> **WHAT YOU ARE ASKED TO DO**: From top to bottom, retype the data exactly, passing over any picture.

> **LISTED ENTRIES**:
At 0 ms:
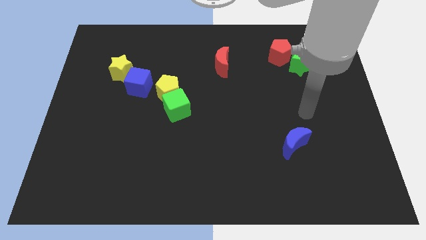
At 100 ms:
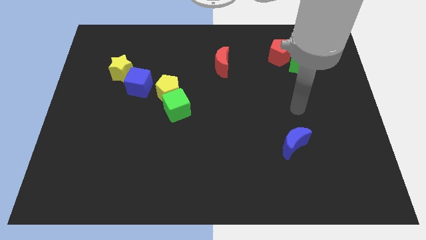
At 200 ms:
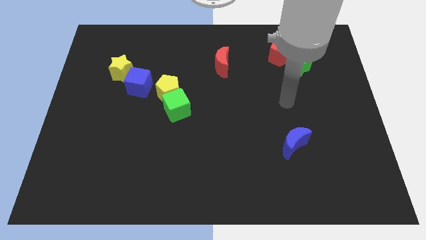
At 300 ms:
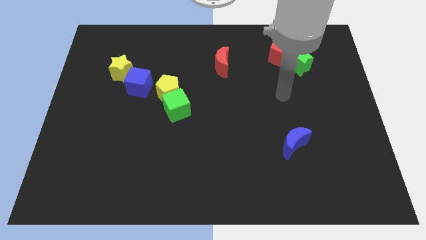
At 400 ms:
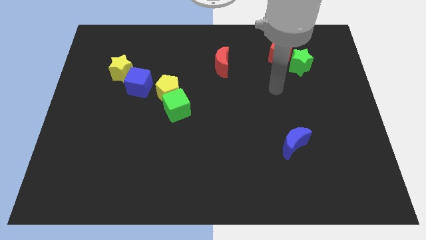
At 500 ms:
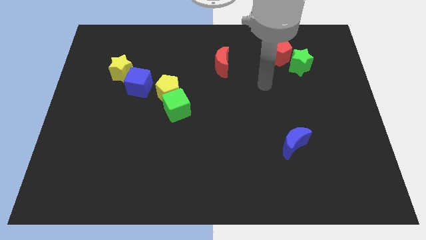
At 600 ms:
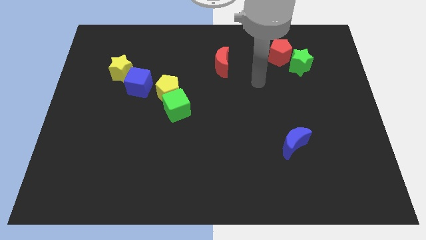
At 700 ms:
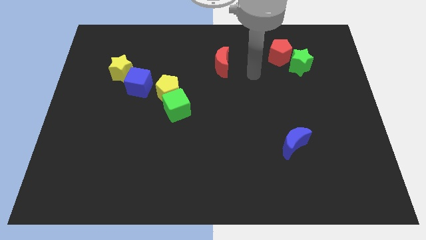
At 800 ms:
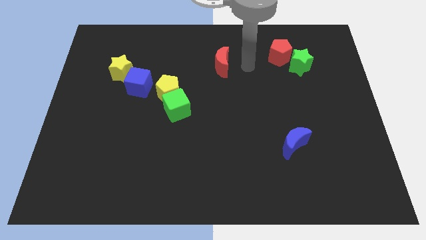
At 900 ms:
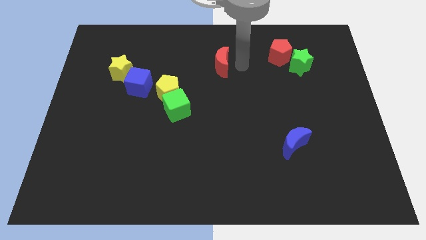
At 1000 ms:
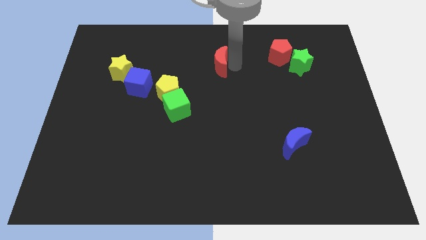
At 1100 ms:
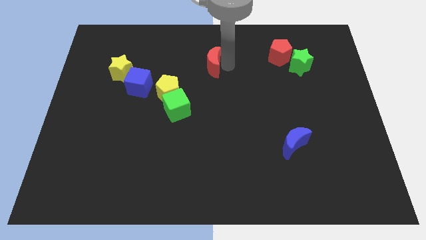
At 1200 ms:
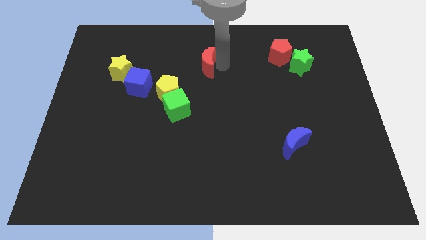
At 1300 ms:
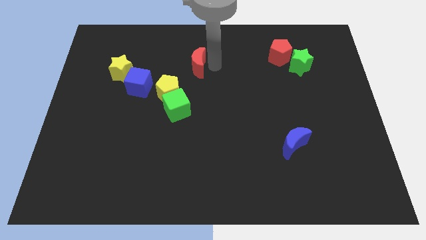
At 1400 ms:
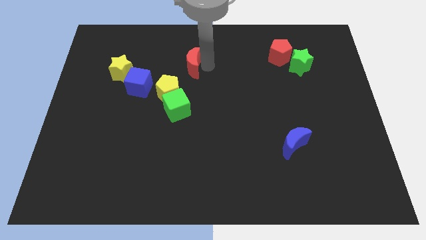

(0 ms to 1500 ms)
move the red moon somewhat left

> **WRITTEN ANSWER**:
At 0 ms:
At 100 ms:
At 200 ms:
At 300 ms:
At 400 ms:
At 500 ms:
At 600 ms:
At 700 ms:
At 800 ms:
At 900 ms:
At 1000 ms:
At 1100 ms:
At 1200 ms:
At 1300 ms:
At 1400 ms:

(0 ms to 1500 ms)
move the red moon somewhat left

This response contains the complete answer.